Heute betrachten wir mal einen der großen Nachteile der modernen Arbeitswelten, die wir gerade schaffen: die immer mehr zurückgehende direkte und zweckungebundene Kommunikation, für die ganz exemplarisch die Raucherecke steht – bzw. stand.

In die Zeiten, als in den Büros noch wirklich gequalmt wurde, möchte wohl niemand zurück. Der eine oder andere wird sich auch noch an die Cognac-Schwenker in den Chefbüros erinnern. Das Alles hatte zwar eine gewisse herrliche Dekadenz, passt aber nicht mehr wirklich in die Zeit und in die Anforderungen des betrieblichen Gesundheitsschutzes.

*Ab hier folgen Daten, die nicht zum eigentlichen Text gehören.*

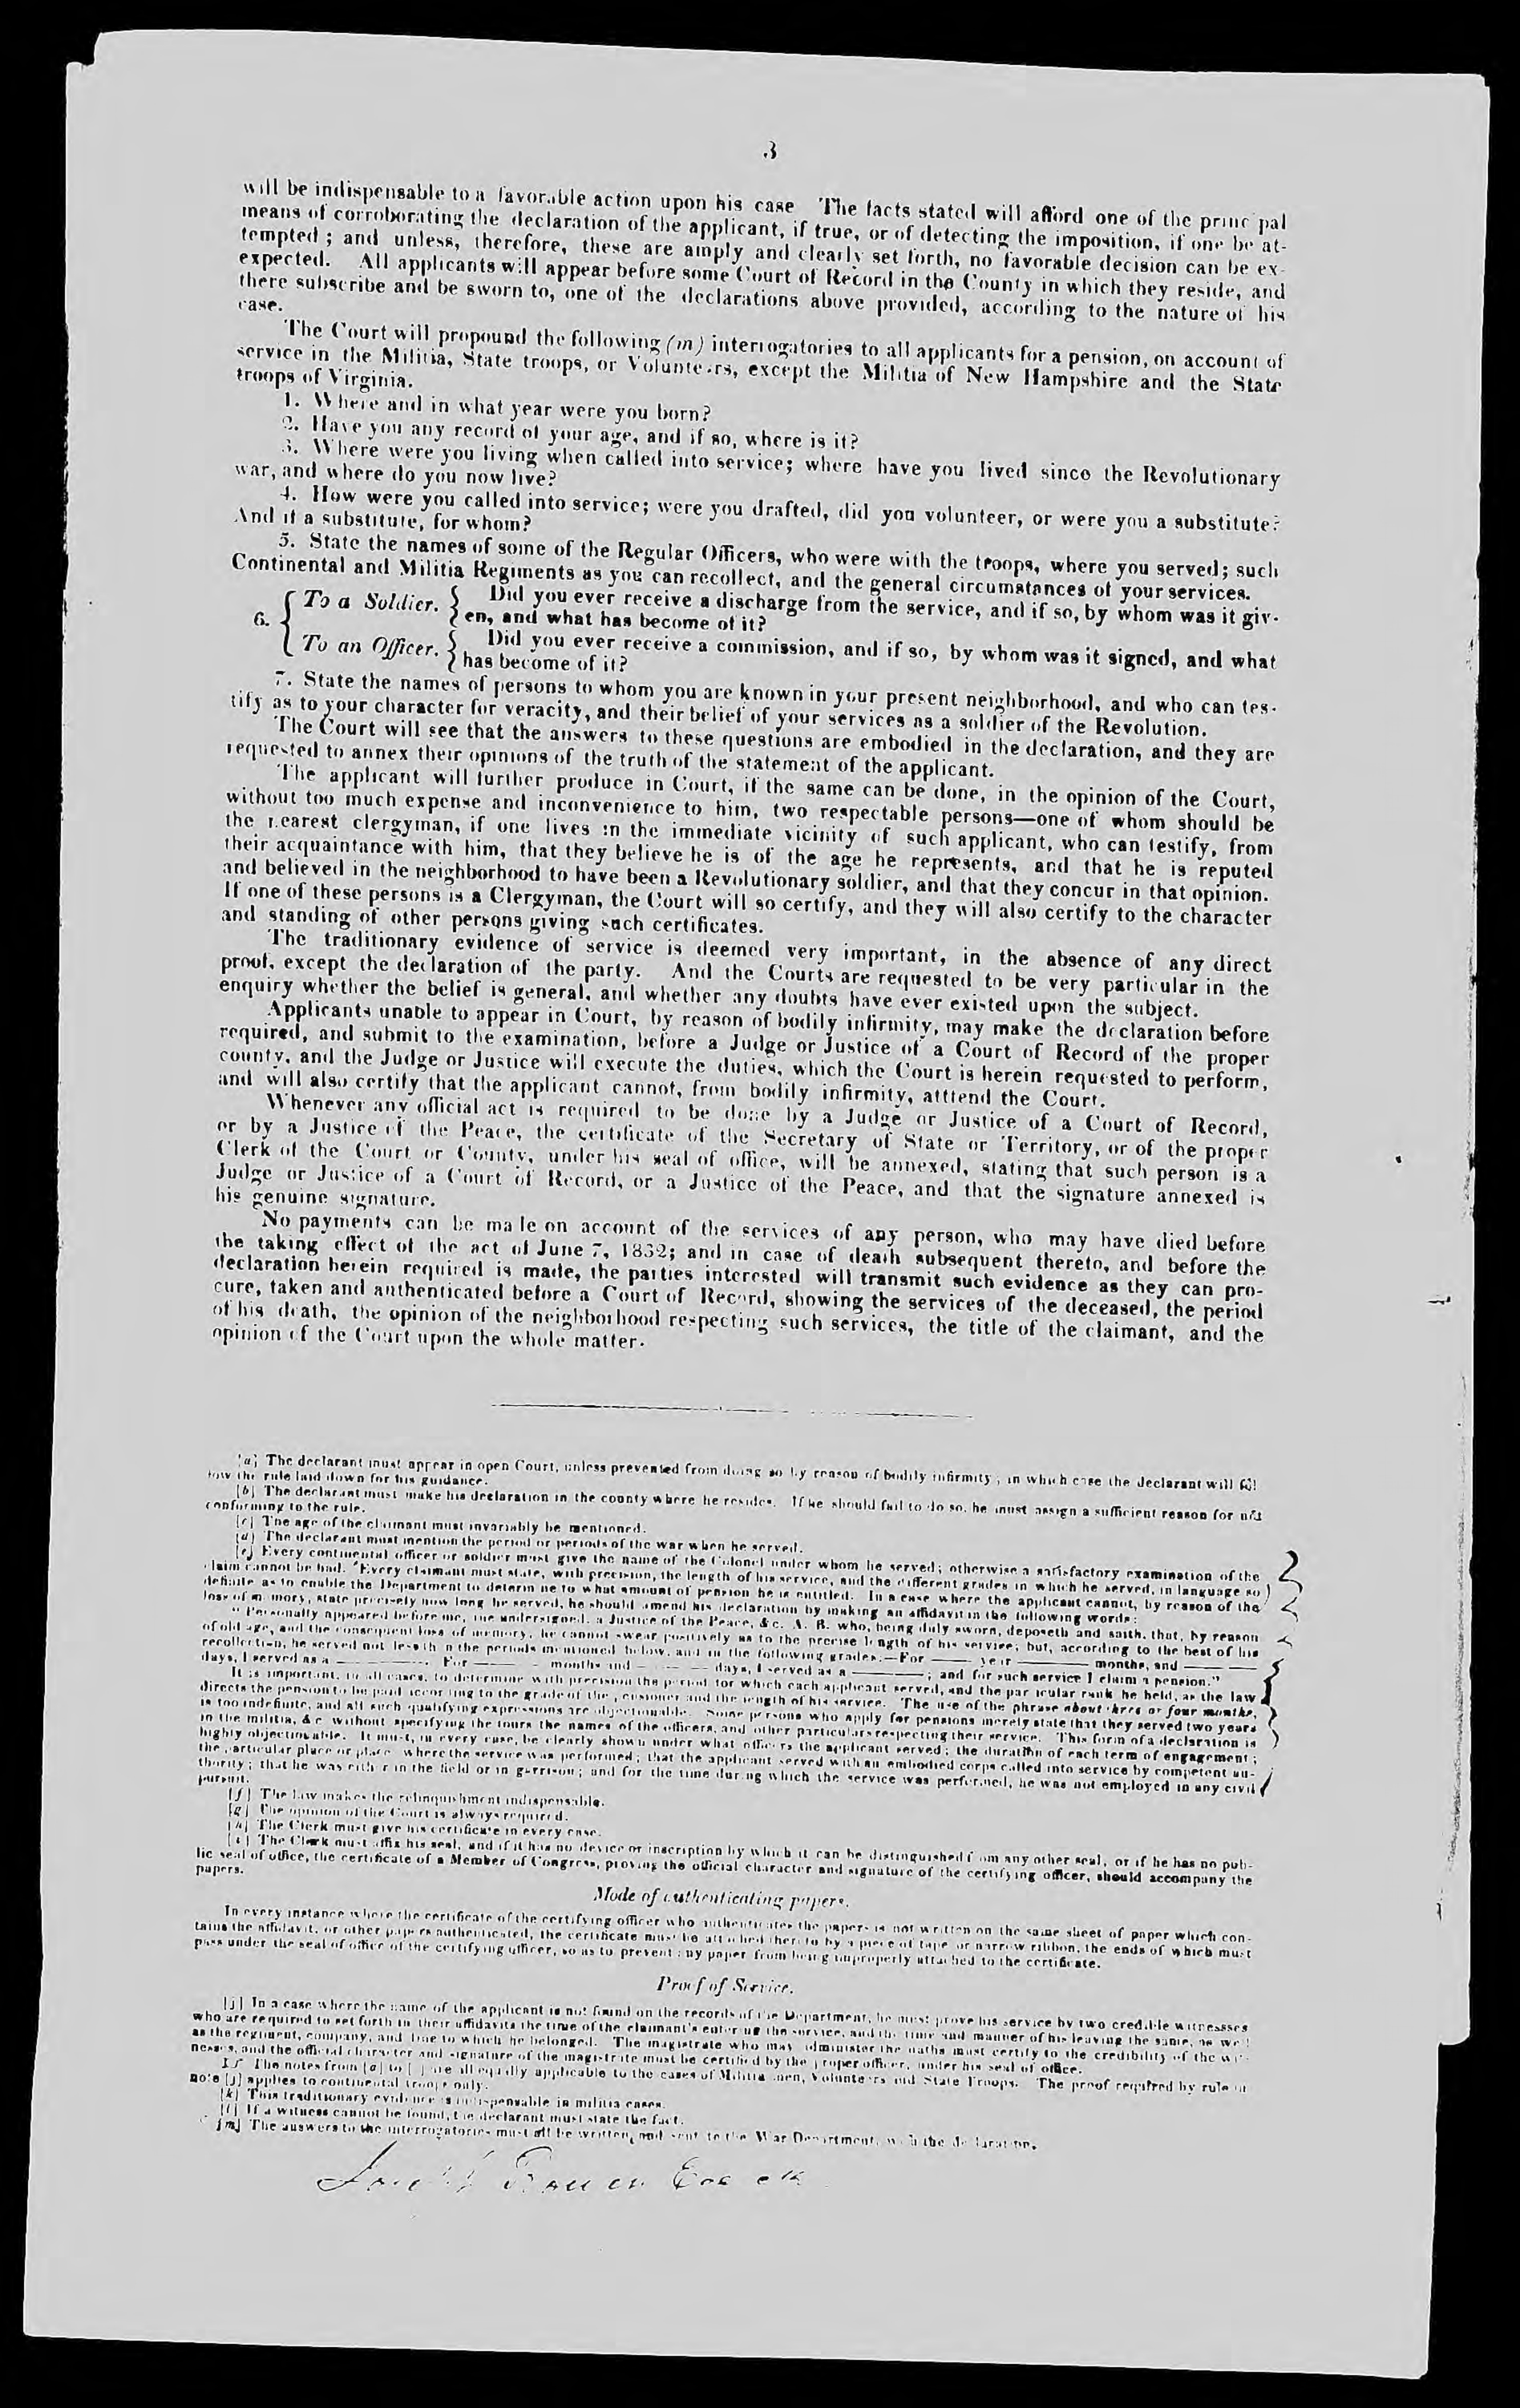[typed form, with handwritten responses]

3
alleged service, as they are known at the Department. A very full account of the services of each person will be indispensable to a favorable action upon his case. The facts stated will afford one of the principal means of corroborating the declaration of the applicant, if true, or of detecting the imposition, if one be attempted; and unless, therefore, these are amply and clearly set forth, no favorable decision can be expected. All applicants will appear before some Court of Record in the County, in which they reside, and there subscribe and be sworn to, one of the declarations above provided, according to the nature of his case. 
The Court will propound the following (m) interrogatories to all applicants for a pension, on account of service in the Militia, State troops, or Volunteers, except the Militia of New Hampshire and the State troops of Virginia. 
1. Where and in what year were you born? 
2. Have you any record of your age, and if so, where is it? 
3. Where were you living when called into service; where have you lived since the Revolutionary war, and where do you now live? 
4. How were you called into service; were you drafted, did you volunteer, or were you a substitute? And if a substitute, for whom? 
5. State the names of some of the Regular Officers, who were with the troops, where you served; such Continental and Militia Regiments as you can recollect, and the general circumstances of your services. 
6. {To a Soldier.} {To an Officer.} Did you ever receive a discharge from the service, and if so, by whom was it given and what has become of it? Did you ever receive a commission, and if so, by whom was it signed, and what has become of it? 
7. State the names of persons to whom you are known in your present neighborhood, and who can testify as to your character for veracity, and their belief of your services as a soldier of the Revolution. 
The Court will see that he answers to these questions are embodied in the declaration, and they are requested to annex their opinions of the truth of the statement of the applicant. The applicant will further produce in Court, if the same can be done, in the opinion of the Court, without too much expense and inconvenience to him, two respectable persons -one of whom should be the nearest clergyman, if one lives in the immediate vicinity of such applicant, who can testify, from their acquaintance with him, that they believe he is of the age he represents, and that he is reputed and believed in the neighborhood to have been a Revolutionary soldier, and that they concur in that opinion. If one of these persons is a Clergyman, the Court will so certify, and they will also certify, to the character and standing of other persons, giving such certificates. 
The traditionary evidence of service is deemed very important, in the absence of any direct proof, except the declaration of the party. And the Courts are requested to be very particular in the enquiry whether the belief is general, and whether any doubts have ever existed upon the subject. 
Applicants unable to appear in Court by reason of bodily infirmity, may make the declaration before required, and submit to the examination, before a Judge or Justice of a Court of Record of the proper county, and the Judge or Justice will execute the duties, which the Court is herein requested to perform, and will also certify that the applicant cannot, from bodily infirmity, attend the Court. 
Whenever any official act is required to be done by a Judge or Justice of a Court of Record, or by a Justice of the peace, the certificate of the Secretary of State or Territory, or of the proper Clerk of the Court or County, under his seal of office, will be annexed, stating that such person is a Judge or Justice of a Court of Record, or a Justice of the Peace, and that the signature annexed is his genuine signature. 
No payments can be made on account of the services of any person, who may have died before the taking effect of the act of June 7, 1832; and in case of death subsequent thereto, and before the declaration herein required is made, the parties interested will trans nit such evidence as they can procure, taken and authenticated before a Court of Record, showing the services of the deceased, the period of his death, the opinion of the neighborhood respecting such services, the title of the claimant, and the opinion of the Court upon the whole matter. 
(a) The declarant must appear in open Court, unless prevented from doing so by reason of bodily infirmity in which case the declarant will follow the rule laid down for his guidance. 
(b) The declarant must make his declaration in the county where he resides. If he should fail to do so, he must assign a sufficient reason for not conforming to the rule. 
(c) The age of the claimant must invariably be mentioned. 
(d) The declarant must mention the period or periods of the war when he served. 
(e) Every continental officer or soldier must give the name of the Colonel under whom he served; otherwise a satisfactory examination of the claim cannot be had. Every claimant must state, with precision, the length of his service, and the different grades in which he served, in language so definite as to enable the Department to determine to what amount of pension he is entitled. ln a case where the applicant cannot, by reason of loss of memory, state precisely how long he served, he should amend his declaration by making an affidavit in the following words : "Personally appeared before me, the undersigned, a Justice of the Peace, &c. A. B. who, being duly sworn, deposeth and saith, that, by reason of old age, and the consequent loss of memory, he cannot swear positively as to the precise length of his service; but, according to the best of his recollection, he served not less than the periods mentioned below, and in the following grades:-For    year    months, and     days, I served as a    . For     months and    days, I served as a     ; and for such service I claim a pension." 
It is important, in all cases, to determine with precision the period for which each applicant served, and the particular rank he held, as the law directs the pension to be paid according to the grade of the pensioner and the length of his service. The use of the phrase about three or four months, is too indefinite, and all such qualifying expressions are objectionable. Some persons who apply for pensions merely state that they served two years in the militia, &c without specifying the tours, the names of the officers and other particulars respecting their service. This form of a declaration is highly objectionable. It must, in every case, be clearly shown under what officers the applicant served: the duration of each term of engagement; the particular place or places where the service was performed; that the applicant served with an embodied corps called into service by competent authority; that he was either in the field or in garrison; and for the time during which the service was performed, he was not employed in any civil pursuit. 

Lou N. Drury, Esq

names: Lou N Drury
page: 15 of 27
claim: rejected
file: R. 5006, Richard Hill, N.C.

Kommunikativ gesehen hat das Rauchen im Büro an sich auch wirklich keinen Mehrwert – die kommunikative Allroundwaffe wurde erst mit der Verbannung der Raucher in die Raucherecke daraus. Denn auf einmal stand man in zufällig zusammengewürfelten Gruppen für eine begrenzte Zeit zusammen und hat neben dem eigentlichen Rauchen diverse nützliche Dinge getan:

  • Abstimmungen und Entscheidungen
    Einer der häufigsten Begrüßungssätze in der Raucherecke war: „Schön dass ich Dich hier treffe, ich wollte uns eh einen Termin einstellen für … / ich wollte eh mit Dir sprechen über…“. Und dann wurde in 5-15 Minuten alles relevante in hinreichender praktischer Tiefe (hat ja keiner irgendwas dabei, weil man auch nie weiß, wen man trifft) besprochen und anstehende Entscheidung wurden getroffen. Alles, was heute so modern ist, hatte man eigentlich schon: agil, timeboxed, stand up, kein Information-Overkill sondern Fokus auf das Wesentliche, people over process, …Klar, man weiß natürlich nicht, wen man trifft. Aber bei 3 Raucherpausen an 5 Tagen die Woche kann man immer locker 15 Entscheidungen vom Tisch bekommen, für die es sonst diverse Mails, Meetings und Wasweißichnochalles braucht.
  • Ebenenübergreifende Kommunikation
    In der Raucherecke standen von Azubi bis Chef immer alle egalitär zusammen. Man plauderte, lernte sich kennen, baute Netzwerke auf, schnorrte Zigaretten und manchmal hat man erst hinterher erfahren, dass es „Big Boss“ persönlich war, dem man eben ganz entspannt die persönliche Theorie über die Unternehmensentwicklung auseinandergesetzt hatte.  Und „Big Boss“ hätte das niemals negativ gegen irgendwen verwendet, denn das hätte bedeutet, dass er zukünftig seine Raucherpausen alleine hätte verbringen müssen.
  • Klatsch und Tratsch
    Offiziell unbeliebt. Aber der Schmierstoff einer brauchbaren Unternehmenskultur. ´Nough said.

Und heute? Sind wir gesundheitsbewusst und die Raucherecke ist weitgehend abgeschafft. Und brauchbarer Ersatz ist nicht wirklich in Sicht. Die Smoothie-Bar dient dem Austausch über gesundes Essen. An der Kaffeemaschine wird jede Unterhaltung durch das Rappeln und Schreddern und Fauchen der Vollautomaten erstickt. Und einfach so auf dem Flur rumstehen tut auch niemand gerne.

Die ganze Sache wird nicht einfacher dadurch, dass wir räumlich und zeitlich entzerrt arbeiten und überhaupt immer weniger Möglichkeiten haben, uns wirklich zu treffen. Auch unsere technischen Möglichkeiten helfen nicht wirklich – wenn ich Skype- oder Teams-Meetings einstelle mit dem Topic „Einfach mal so“ sagen fast alle ab und die zufällige Zusammensetzung des Raucherecken-Teams bekommt man damit auch nicht hin.

Was also tun? Ganz ehrlich: ich habe keine Ahnung. Einfach drauf verzichten ist eine Lösung und für Abstimmungen, Enscheidungen, ebenenübergreifende Kommunikation und Klatsch und Tratsch müssen wir andere Mechanismen entwickeln. Aber irgendwie ist mein Gefühl, dass es nicht das Gleiche ist. Doch wieder mehr Rauchen? Sozusagen im Unternehmensinteresse? Nicht wirklich.

Ich habe keine Lösung. Aber vielleicht gibt es ja andere, denen es ähnlich geht und die gute Ideen haben? Dann immer her damit – eine Diskussion ist es immer wert.